• **Saved entries**
<<<<

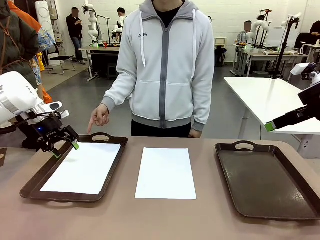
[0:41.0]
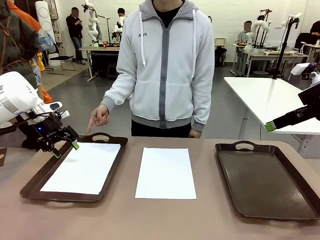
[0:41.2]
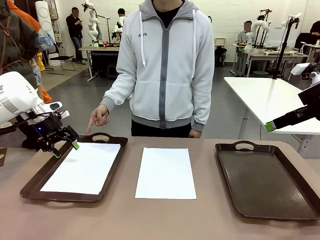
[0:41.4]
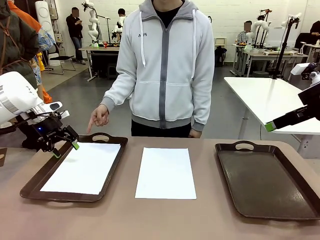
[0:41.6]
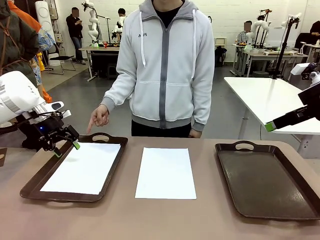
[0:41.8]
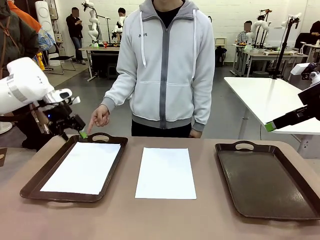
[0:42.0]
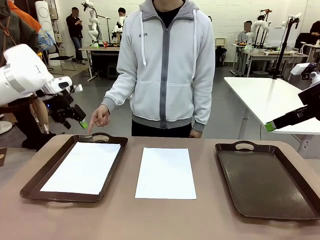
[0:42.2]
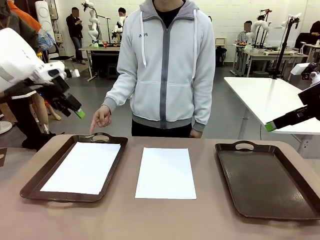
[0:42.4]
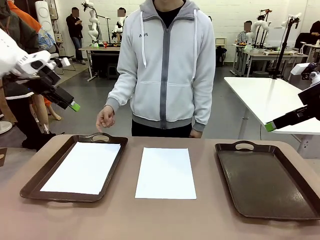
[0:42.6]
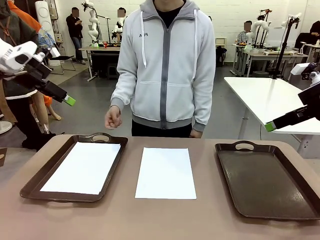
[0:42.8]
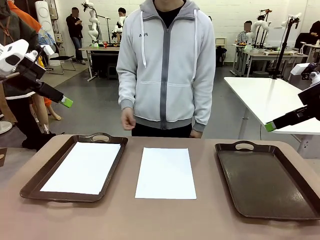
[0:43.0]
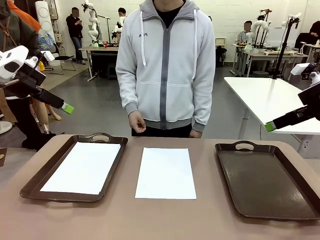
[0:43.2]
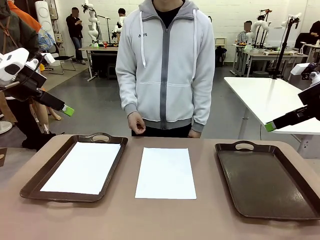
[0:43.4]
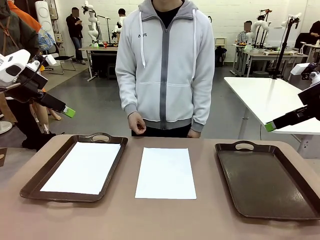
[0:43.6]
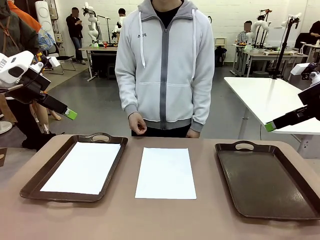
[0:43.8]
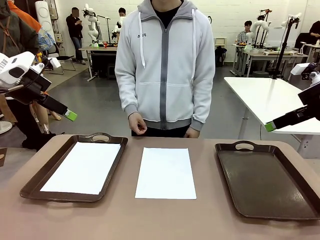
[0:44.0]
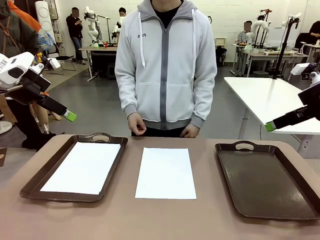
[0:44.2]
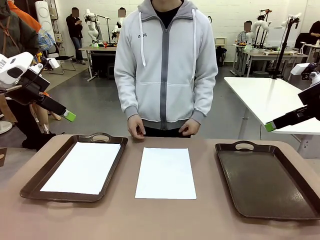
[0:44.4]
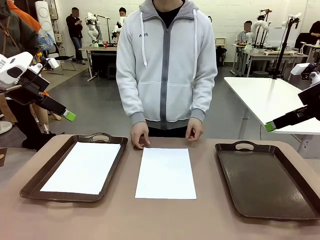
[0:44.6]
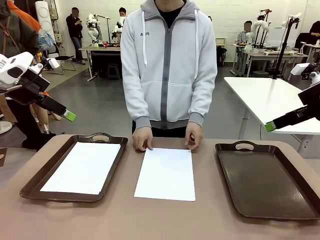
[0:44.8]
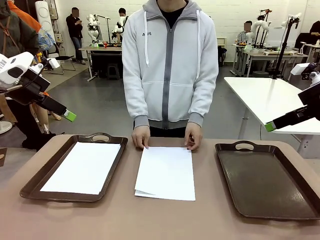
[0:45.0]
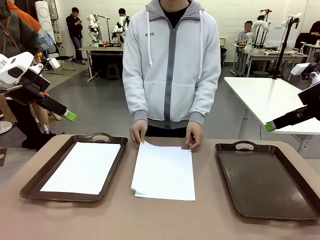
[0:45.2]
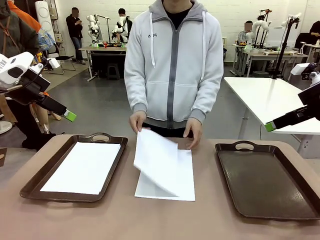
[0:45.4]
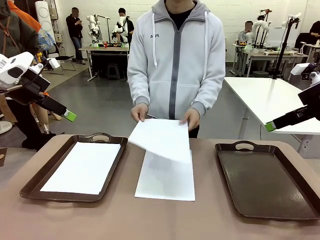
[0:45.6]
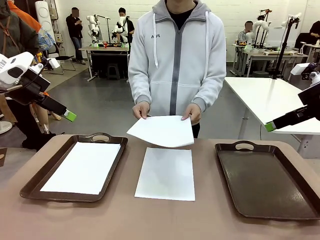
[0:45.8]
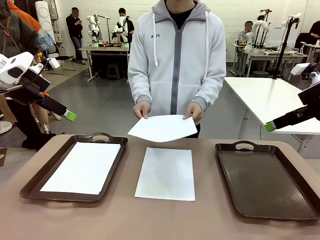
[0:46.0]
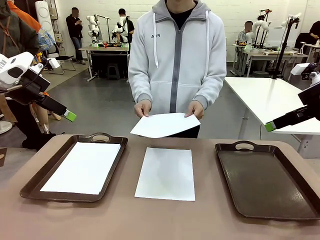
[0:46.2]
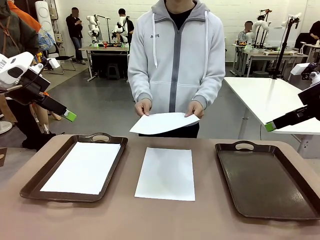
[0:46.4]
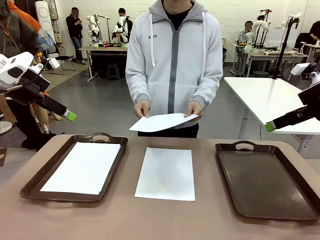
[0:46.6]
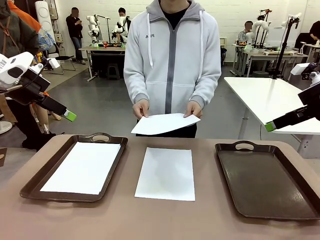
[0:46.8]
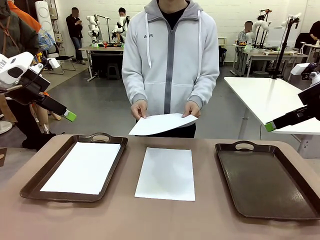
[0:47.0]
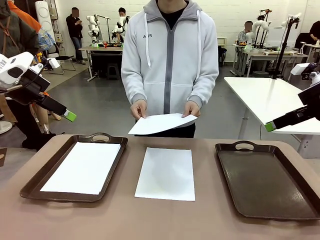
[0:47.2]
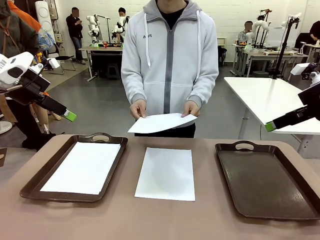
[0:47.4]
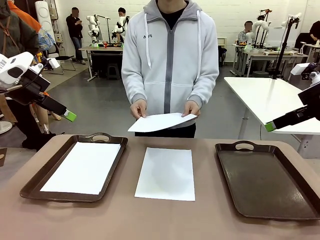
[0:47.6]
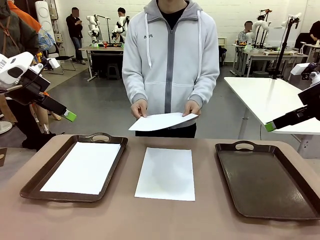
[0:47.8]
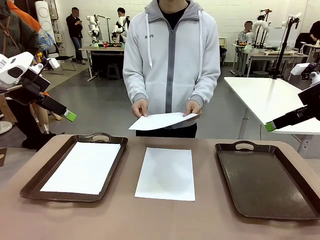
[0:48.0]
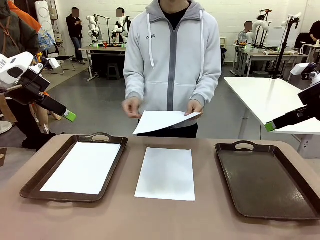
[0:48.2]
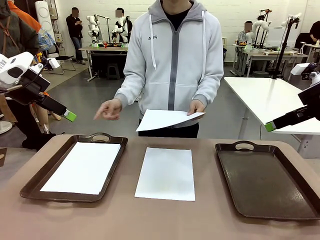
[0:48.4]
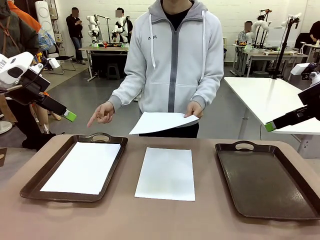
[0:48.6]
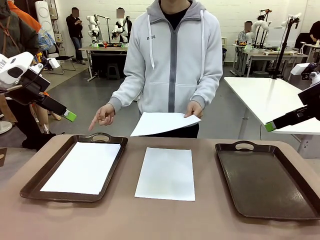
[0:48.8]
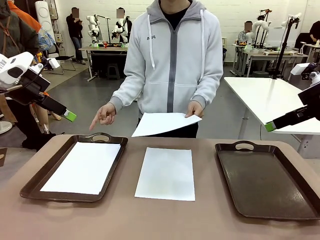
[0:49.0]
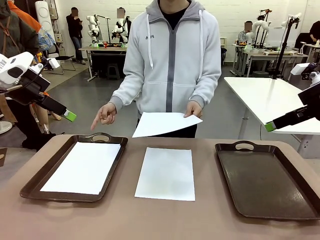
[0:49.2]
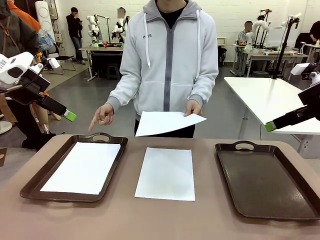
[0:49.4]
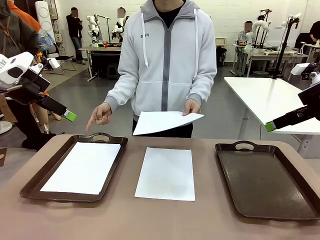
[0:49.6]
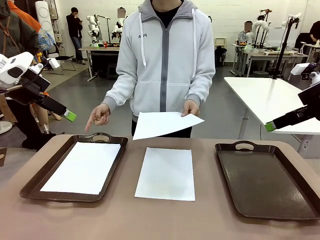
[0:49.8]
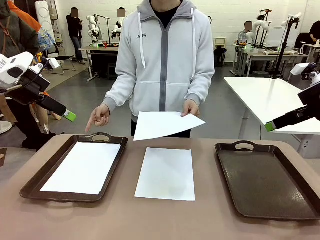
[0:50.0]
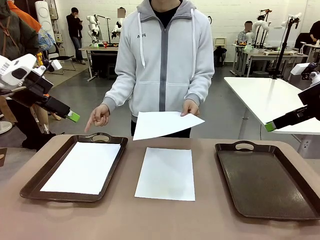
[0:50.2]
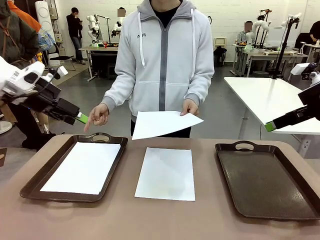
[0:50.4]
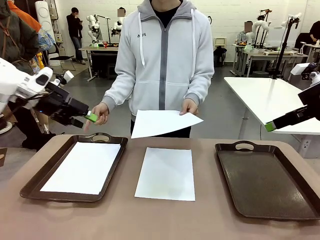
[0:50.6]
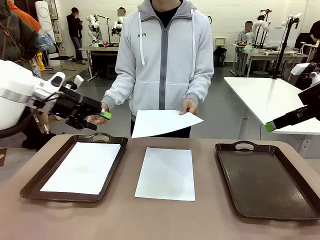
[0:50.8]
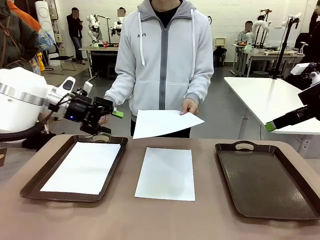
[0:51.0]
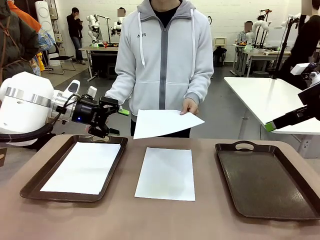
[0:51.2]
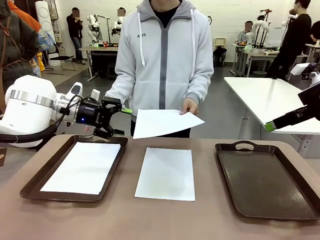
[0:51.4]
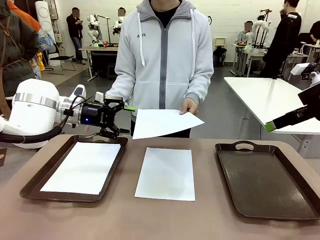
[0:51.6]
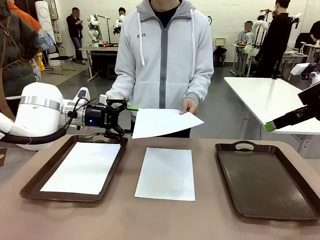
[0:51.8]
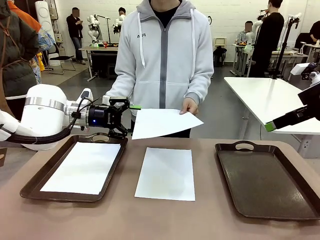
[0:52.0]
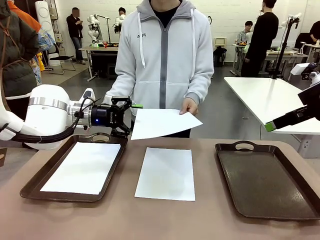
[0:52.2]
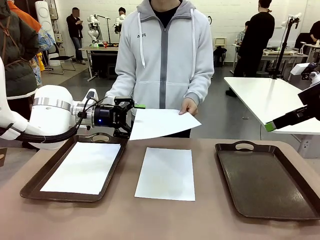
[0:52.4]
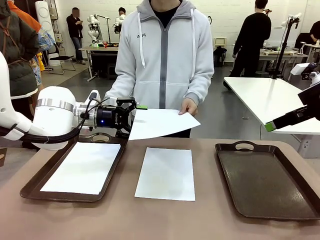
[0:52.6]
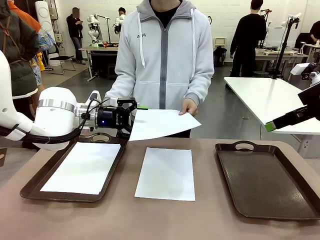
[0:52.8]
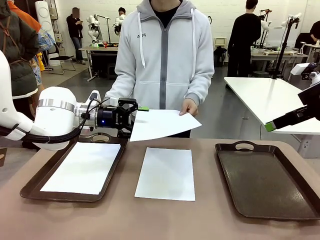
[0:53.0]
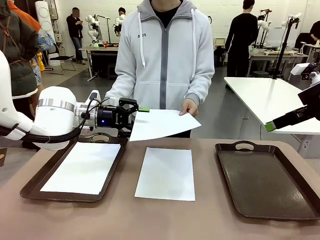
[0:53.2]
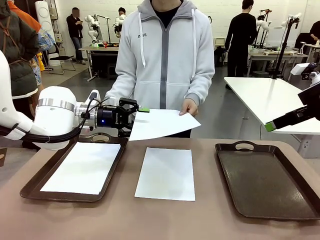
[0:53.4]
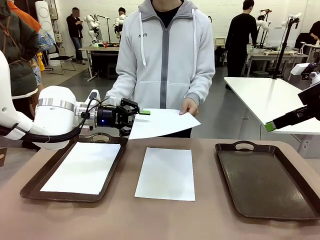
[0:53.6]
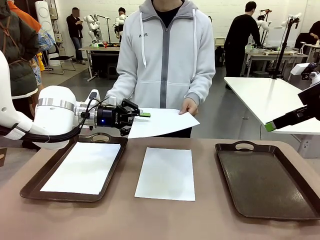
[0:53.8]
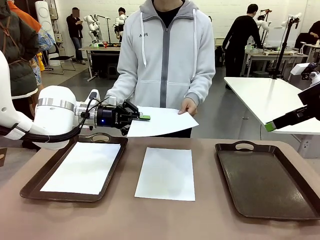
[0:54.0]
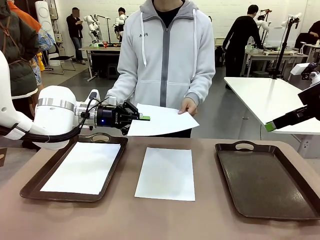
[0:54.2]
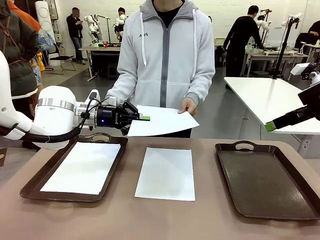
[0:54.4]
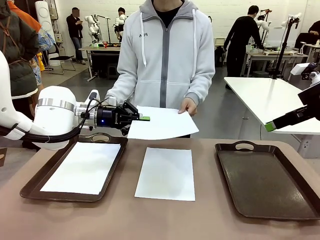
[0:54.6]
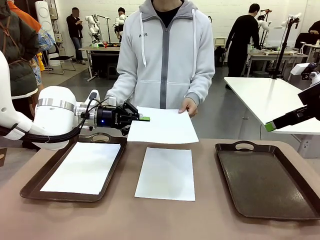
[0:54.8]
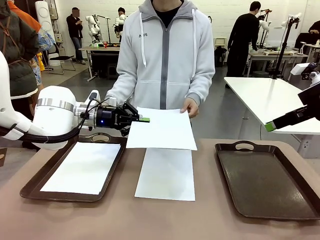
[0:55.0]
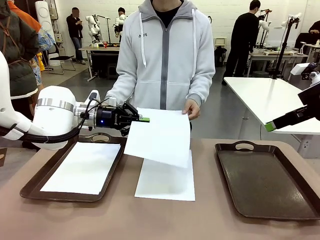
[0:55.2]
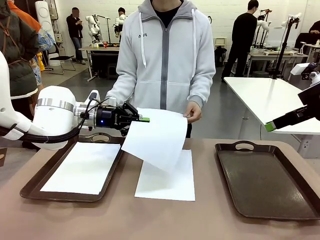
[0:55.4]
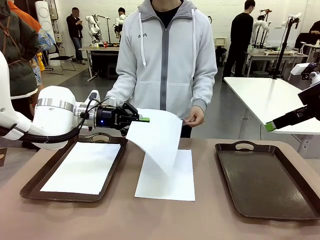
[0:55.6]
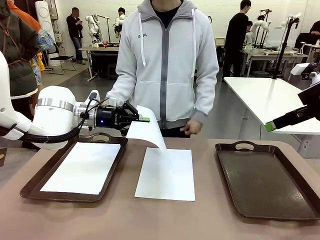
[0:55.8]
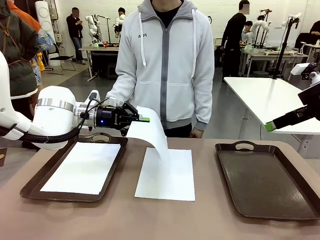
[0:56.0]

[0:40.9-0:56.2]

>>>>

• **Requirement**
Aside from the pictures, copy all of the entries exactly.

• **Answer to this task**
[0:41.0]
[0:41.2]
[0:41.4]
[0:41.6]
[0:41.8]
[0:42.0]
[0:42.2]
[0:42.4]
[0:42.6]
[0:42.8]
[0:43.0]
[0:43.2]
[0:43.4]
[0:43.6]
[0:43.8]
[0:44.0]
[0:44.2]
[0:44.4]
[0:44.6]
[0:44.8]
[0:45.0]
[0:45.2]
[0:45.4]
[0:45.6]
[0:45.8]
[0:46.0]
[0:46.2]
[0:46.4]
[0:46.6]
[0:46.8]
[0:47.0]
[0:47.2]
[0:47.4]
[0:47.6]
[0:47.8]
[0:48.0]
[0:48.2]
[0:48.4]
[0:48.6]
[0:48.8]
[0:49.0]
[0:49.2]
[0:49.4]
[0:49.6]
[0:49.8]
[0:50.0]
[0:50.2]
[0:50.4]
[0:50.6]
[0:50.8]
[0:51.0]
[0:51.2]
[0:51.4]
[0:51.6]
[0:51.8]
[0:52.0]
[0:52.2]
[0:52.4]
[0:52.6]
[0:52.8]
[0:53.0]
[0:53.2]
[0:53.4]
[0:53.6]
[0:53.8]
[0:54.0]
[0:54.2]
[0:54.4]
[0:54.6]
[0:54.8]
[0:55.0]
[0:55.2]
[0:55.4]
[0:55.6]
[0:55.8]
[0:56.0]

[0:40.9-0:56.2]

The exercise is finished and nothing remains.